Breath of the Wild is going to revitalise a series many people claim to have become stagnant…
On my second attempt, I climbed the watchtower and killed the guard but not before he alerted his chums again. Again, I was surrounded and it became apparent that the game was much harder than expected. Combat was quite challenging but the amount of weapons and items could potentially create an environment more akin to Skyrim, which is an exciting concept. I realised that I could eat the apples and mushrooms I had picked earlier to recover my health, but it didn’t occur to me that they may have been accessible in a shortcut menu, like the weapon selection. It might be preferable to some players to use the Plus menu instead, where you are given greater control over the customisation of Link. My friend pointed out that this was similar to his favourite game, Dark Souls, a comparison I would not disagree with. On my third attempt at this particular conundrum, I fought as best I could, recovered some health and then was promptly slain by the Leader in what appeared to be a one hit kill. That’s when the Nintendo employee told me my time was up.

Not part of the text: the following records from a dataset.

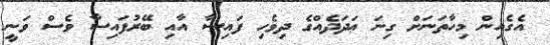
އެގެއިން މިހާތަނަށް ގިނަ ޢަދަދެއްގެ ދިވެހި ފައިސާ އާއި ބޭރުފައިސާ ވެސް ވަނީ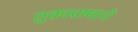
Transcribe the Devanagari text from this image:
तुकारामाने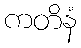
ကတိနံ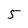
Character: 5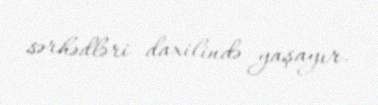
sərhədləri daxilində yaşayır.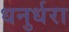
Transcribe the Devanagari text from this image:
धनुर्धरा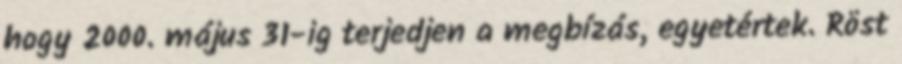
hogy 2000. május 31-ig terjedjen a megbízás, egyetértek. Röst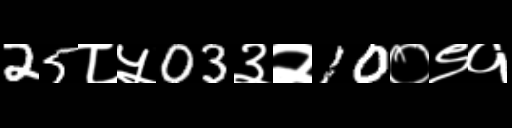
Text: 25८५03३२10०९१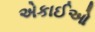
એકાઈઓ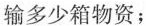
输多少箱物资；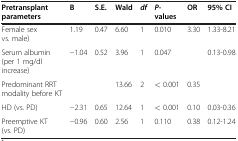
| Pretransplant parameters | B | S.E. | Wald | df | P- values | OR | 95% CI |
 | --- | --- | --- | --- | --- | --- | --- | --- |
 | Female sex vs. male) | 1.19 | 0.47 | 6.60 | 1 | 0.010 | 3.30 | 1.33-8.21 |
 | Serum albumin (per 1 mg/dl increase) | −1.04 | 0.52 | 3.96 | 1 | 0.047 |  | 0.13-0.98 |
 | Predominant RRT modality before KT |  |  | 13.66 | 2 | < 0.001 | 0.35 |  |
 | HD (vs. PD) | −2.31 | 0.65 | 12.64 | 1 | < 0.001 | 0.10 | 0.03-0.36 |
 | Preemptive KT (vs. PD) | −0.96 | 0.60 | 2.56 | 1 | 0.110 | 0.38 | 0.12-1.24 |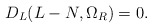
\begin{align*}D_{L}(L-N,\Omega_{R}) = 0.\end{align*}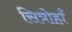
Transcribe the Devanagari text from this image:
सित्रोहाँ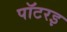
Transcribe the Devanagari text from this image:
पॉटरइ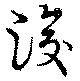
浚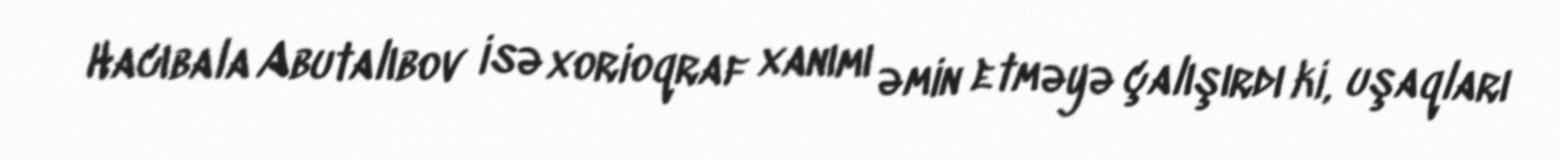
Hacıbala Abutalıbov isə xorioqraf xanımı əmin etməyə çalışırdı ki, uşaqları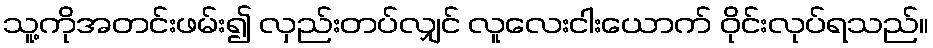
သူ့ကိုအတင်းဖမ်း၍ လှည်းတပ်လျှင် လူလေးငါးယောက် ဝိုင်းလုပ်ရသည်။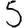
Digit: 5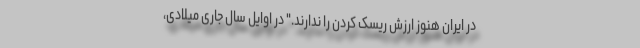
در ایران هنوز ارزش ریسک کردن را ندارند." در اوایل سال جاری میلادی،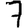
Digit: 7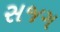
સજગ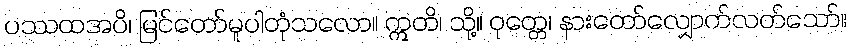
ပဿထအပိ၊ မြင်တော်မူပါတုံသလော။ ဣတိ၊ သို့။ ဝုတ္တေ၊ နားတော်လျှောက်လတ်သော်။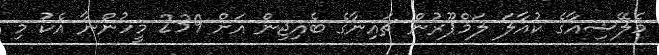
މެލޭޝިއާގެ ކުއާލަ ލަމްޕޫރުން ޗައިނާގެ ބެއިޖިން އަށް 239 މީހުންނާ އެކު މި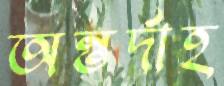
অন্তর্দাহ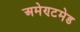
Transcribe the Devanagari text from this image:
अमेण्टमेड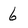
Character: 6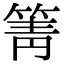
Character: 箐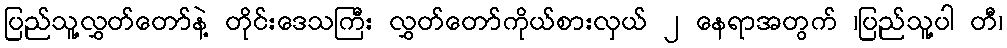
ပြည်သူ့လွှတ်တော်နဲ့ တိုင်းဒေသကြီး လွှတ်တော်ကိုယ်စားလှယ် ၂ နေရာအတွက် ၊ပြည်သူ့ပါ တီ၊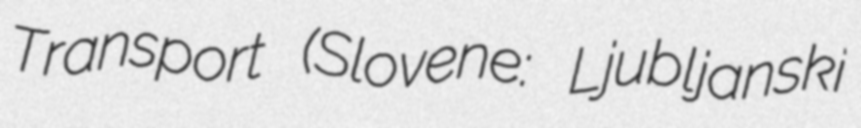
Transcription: Transport (Slovene: Ljubljanski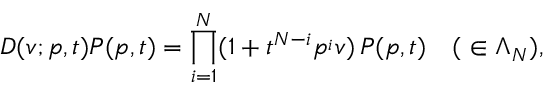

It’s at once a throwback to the ideals of the original game and a major step forward for the series as a whole
I walked away from the demo with renewed excitement and faith in Nintendo. The Legend of Zelda: Breath of the Wild is going to revitalise a series many people claim to have become stagnant. It’s at once a throwback to the ideals of the original game and a major step forward for the series as a whole, marrying Zelda’s magic and charm with the scope of an Elder Scrolls game and a simplified version of Dark Souls’ RPG elements. A fitting and much needed improvement to the formula.